For the given quadratic equation convert into vertex form, find the vertex, and find the value for x = 6. Show your work.
y = -2x2 + 2x +2
-(1/2)y = x^2 - x - 1
(-1/2)y + 1 = x^2 - x
(-1/2)y + 1 = (x - 1/2)^2 - 1/4
(-1/2)y = (x-1/2)^2 - 5/4
y = -2(x-1/2)^2 + 5/2
would this be correct?
you are correct
thank you!
Yes, your conversion of the quadratic equation into vertex form is correct.
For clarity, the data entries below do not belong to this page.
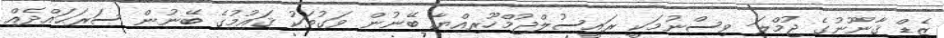
ޒެޑް ޤާނޫނުގެ ޖުމްލަ ވިސްނުމަކީ ރައީސުލްޖުމްހޫރިއްޔާ ބޭނުން ވަގުތަކު ޤައުމުގެ ބޭނުން ސަރަޙައްދެއް
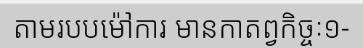
តាមរបបម៉ៅការ មានកាតព្វកិច្ចៈ១-
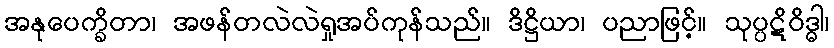
အနုပေက္ခိတာ၊ အဖန်တလဲလဲရှုအပ်ကုန်သည်။ ဒိဋ္ဌိယာ၊ ပညာဖြင့်။ သုပ္ပဋိဝိဒ္ဓါ၊
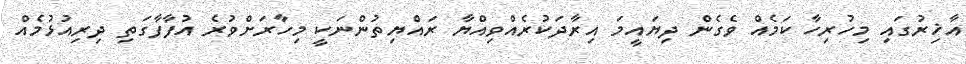
އާޚިރުގައި މިހުރިހާ ކަމެއް ވެގެން ދިޔައީމަ އިރާދަކުރެއްވިއްޔާ ރައްޔިތުންނަކީ މިހާރަށްވުރެ އުފާފާގަތި ދިރިއުޅުމެއް
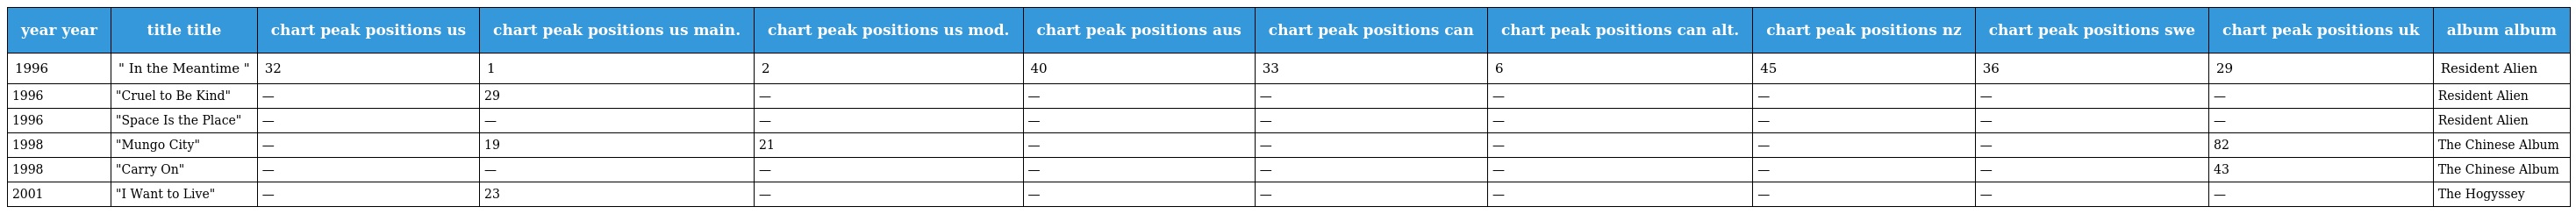
| year year | title title | chart peak positions us | chart peak positions us main. | chart peak positions us mod. | chart peak positions aus | chart peak positions can | chart peak positions can alt. | chart peak positions nz | chart peak positions swe | chart peak positions uk | album album |
 | --- | --- | --- | --- | --- | --- | --- | --- | --- | --- | --- | --- |
 | 1996 | " In the Meantime " | 32 | 1 | 2 | 40 | 33 | 6 | 45 | 36 | 29 | Resident Alien |
 | 1996 | "Cruel to Be Kind" | — | 29 | — | — | — | — | — | — | — | Resident Alien |
 | 1996 | "Space Is the Place" | — | — | — | — | — | — | — | — | — | Resident Alien |
 | 1998 | "Mungo City" | — | 19 | 21 | — | — | — | — | — | 82 | The Chinese Album |
 | 1998 | "Carry On" | — | — | — | — | — | — | — | — | 43 | The Chinese Album |
 | 2001 | "I Want to Live" | — | 23 | — | — | — | — | — | — | — | The Hogyssey |
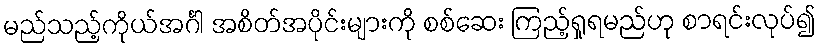
မည်သည့်ကိုယ်အင်္ဂါ အစိတ်အပိုင်းများကို စစ်ဆေး ကြည့်ရှုရမည်ဟု စာရင်းလုပ်၍
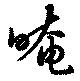
暗
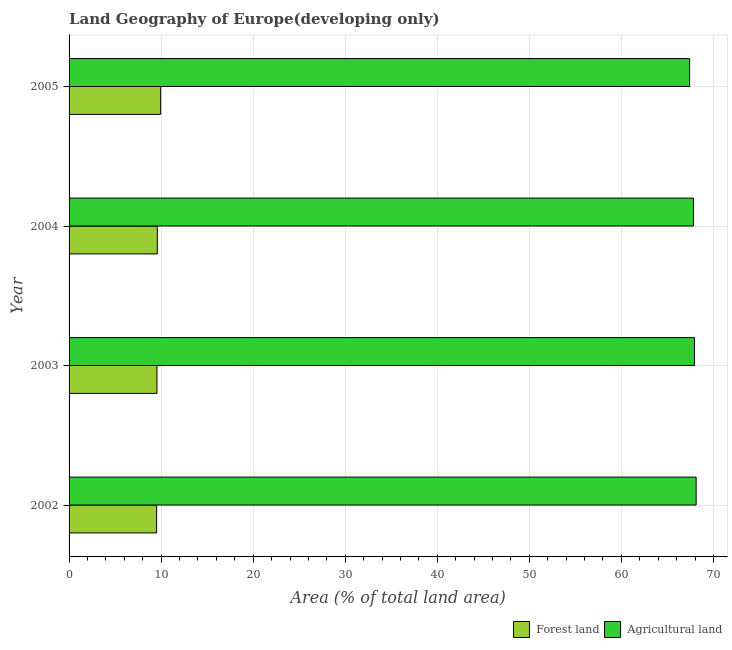
| Year | Forest land | Agricultural land |
 | --- | --- | --- |
 | 2002 | 9.51 | 68.1 |
 | 2003 | 9.55 | 67.9 |
 | 2004 | 9.59 | 67.8 |
 | 2005 | 9.95 | 67.4 |
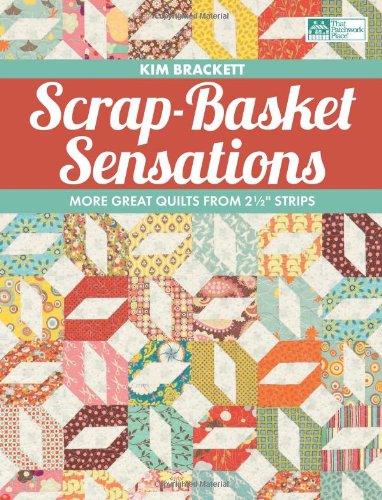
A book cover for Scrap-Basket Sensations: More Great Quilts from 2 1/2" Strips; Kim Brackett; Crafts, Hobbies & Home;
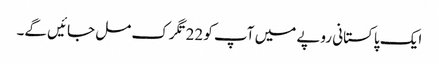
ایک پاکستانی روپے میں آپ کو 22تگرک مل جائیں گے۔
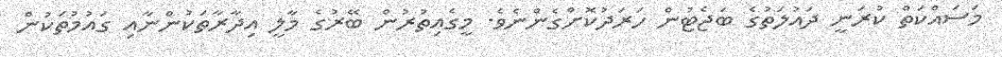
މަސައްކަތް ކުރަނީ ދައުލަތުގެ ބަޖެޓުން ހަރަދުކޮށްގެންނެވެ. މީގެއިތުރުން ބޭރުގެ މާލީ އިދާރާތަކުންނާއި ގައުމުތަކުން
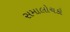
સમાલોચકો
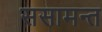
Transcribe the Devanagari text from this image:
ससामन्त
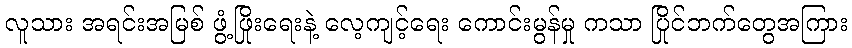
လူသား အရင်းအမြစ် ဖွံ့ဖြိုးရေးနဲ့ လေ့ကျင့်ရေး ကောင်းမွန်မှု ကသာ ပြိုင်ဘက်တွေအကြား

The vertex form of a quadratic equation is given by y = a(x - h)^2 + k, where (h, k) represents the coordinates of the vertex. In this case, the equation is y = -2(x - 1/2)^2 + 5/2. Here, the vertex is located at (1/2, 5/2).
To find the value of y when x = 6, substitute x = 6 into the equation y = -2(x - 1/2)^2 + 5/2:
y = -2(6 - 1/2)^2 + 5/2
y = -2(11/2)^2 + 5/2
y = -2(121/4) + 5/2
y = -242/4 + 5/2
y = -121/2 + 10/2
y = -111/2
Therefore, when x = 6, the value of y is -111/2.